DocVault supports three flexible configuration patterns to support different deployment scenarios:

1. Direct Python Configuration (Recommended for PyPI Users)

For maximum control in your application, pass a Config object directly:

from doc_vault import DocVaultSDK
from doc_vault.config import Config

# Create configuration programmatically
config = Config(
    # PostgreSQL Configuration
    postgres_host="localhost",
    postgres_port=5432,
    postgres_user="postgres",
    postgres_password="your_password",
    postgres_db="doc_vault",
    postgres_ssl="disable",
    
    # MinIO/S3 Configuration
    minio_endpoint="localhost:9000",
    minio_access_key="minioadmin",
    minio_secret_key="minioadmin",
    minio_secure=False,
    
    # DocVault Configuration
    bucket_prefix="doc-vault",
    log_level="INFO"
)

# Use the configuration
async with DocVaultSDK(config=config) as vault:
    document = await vault.upload(
        file_path="./report.pdf",
        name="Report",
        organization_id="org-123",
        agent_id="agent-456"
    )

2. Environment Variables (Recommended for Docker/Kubernetes)

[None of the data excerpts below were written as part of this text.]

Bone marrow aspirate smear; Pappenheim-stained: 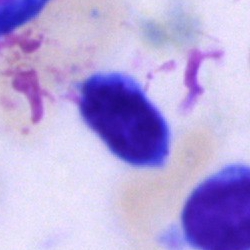Cell type = lymphocyte.
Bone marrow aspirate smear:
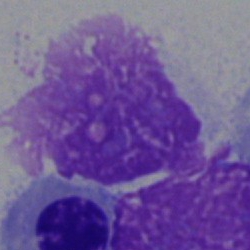Q: What is shown here?
A: An artefact.
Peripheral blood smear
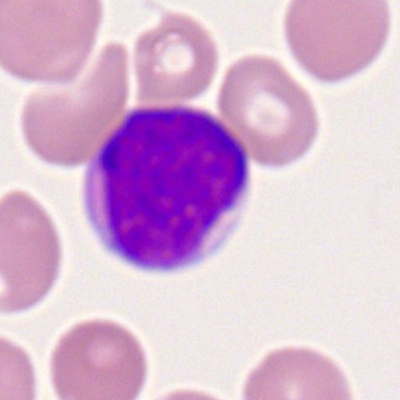 Cell = myeloid blast.
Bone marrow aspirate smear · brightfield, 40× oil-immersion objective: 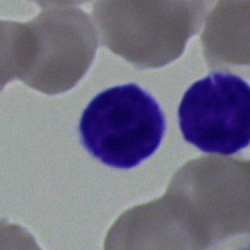

Q: What type of cell is this?
A: Lymphocyte.
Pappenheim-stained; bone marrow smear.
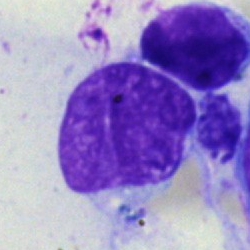

Single cell identified as an artifact.
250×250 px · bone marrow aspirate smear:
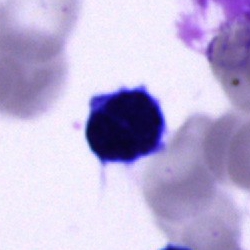
{"cell_type": "unidentifiable cell"}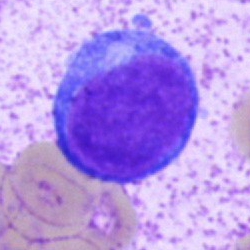Showing a blast.
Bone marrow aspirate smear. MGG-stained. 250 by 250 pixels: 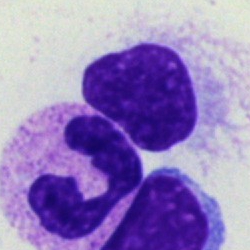
A polymorphonuclear neutrophil.
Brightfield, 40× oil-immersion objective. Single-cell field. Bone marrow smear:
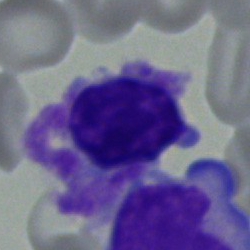Q: Identify the cell.
A: It is a lymphocyte.
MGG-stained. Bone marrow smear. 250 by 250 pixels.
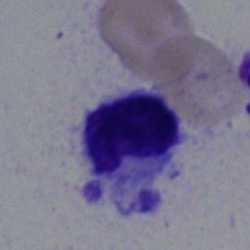Classification = lymphocyte.
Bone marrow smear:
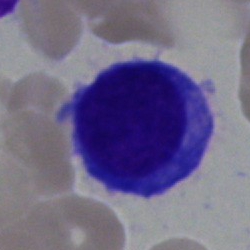

Q: Which cell type is shown here?
A: A plasmacyte.

Set environment variables before running your application:

# PostgreSQL
export POSTGRES_HOST=postgres
export POSTGRES_PORT=5432
export POSTGRES_USER=postgres
export POSTGRES_PASSWORD=password
export POSTGRES_DB=doc_vault
export POSTGRES_SSL=disable

# MinIO/S3
export MINIO_ENDPOINT=minio:9000
export MINIO_ACCESS_KEY=minioadmin
export MINIO_SECRET_KEY=minioadmin
export MINIO_SECURE=false

# DocVault
export BUCKET_PREFIX=doc-vault
export LOG_LEVEL=INFO

Then use the SDK without passing a config:

from doc_vault import DocVaultSDK

# Automatically loads from environment variables
async with DocVaultSDK() as vault:
    document = await vault.upload(...)

3. .env File Configuration (Convenient for Local Development)

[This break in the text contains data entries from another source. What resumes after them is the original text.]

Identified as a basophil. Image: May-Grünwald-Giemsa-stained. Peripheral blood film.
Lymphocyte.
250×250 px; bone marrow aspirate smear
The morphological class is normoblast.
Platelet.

Create a .env file in your project root (git-ignored):

# PostgreSQL Configuration
POSTGRES_HOST=localhost
POSTGRES_PORT=5432
POSTGRES_USER=postgres
POSTGRES_PASSWORD=your_password
POSTGRES_DB=doc_vault
POSTGRES_SSL=disable

# MinIO/S3 Configuration
MINIO_ENDPOINT=localhost:9000
MINIO_ACCESS_KEY=minioadmin
MINIO_SECRET_KEY=minioadmin
MINIO_SECURE=false

# DocVault Configuration
BUCKET_PREFIX=doc-vault
LOG_LEVEL=INFO

Install python-dotenv for local development:

uv sync --all  # or: pip install doc-vault[dev]

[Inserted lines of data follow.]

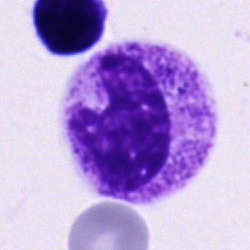 Q: Which cell type is shown here?
A: A metamyelocyte.
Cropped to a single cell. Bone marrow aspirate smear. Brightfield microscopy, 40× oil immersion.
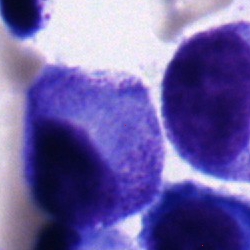
A myelocyte.
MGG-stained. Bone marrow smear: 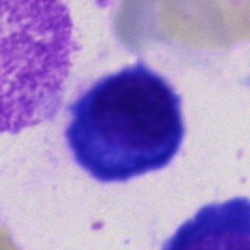

Specimen: bone marrow aspirate smear.
Morphological class: plasma cell.
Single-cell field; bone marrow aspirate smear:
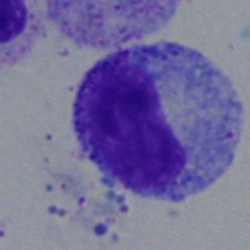Metamyelocyte.

Then use the SDK as before (automatically loads .env file):

from doc_vault import DocVaultSDK

async with DocVaultSDK() as vault:
    document = await vault.upload(...)

Configuration Priority

DocVault uses this priority order when loading configuration (first match wins):

  1. Explicit Config object - When you pass Config(...) directly
  2. Environment variables - POSTGRES_*, MINIO_* variables
  3. .env file - Loaded automatically if python-dotenv is available
  4. Defaults - Hardcoded defaults in the Config class

Configuration Reference

Variable Type Default Description
POSTGRES_HOST str localhost PostgreSQL server hostname
POSTGRES_PORT int 5432 PostgreSQL server port
POSTGRES_USER str required PostgreSQL username
POSTGRES_PASSWORD str required PostgreSQL password
POSTGRES_DB str required PostgreSQL database name
POSTGRES_SSL str disable SSL mode: disable, prefer, or require
MINIO_ENDPOINT str required MinIO/S3 endpoint (e.g., localhost:9000)
MINIO_ACCESS_KEY str required MinIO/S3 access key ID
MINIO_SECRET_KEY str required MinIO/S3 secret access key
MINIO_SECURE bool false Use HTTPS for MinIO/S3
BUCKET_PREFIX str doc-vault Prefix for S3/MinIO bucket names
LOG_LEVEL str INFO Logging level (DEBUG, INFO, WARNING, ERROR, CRITICAL)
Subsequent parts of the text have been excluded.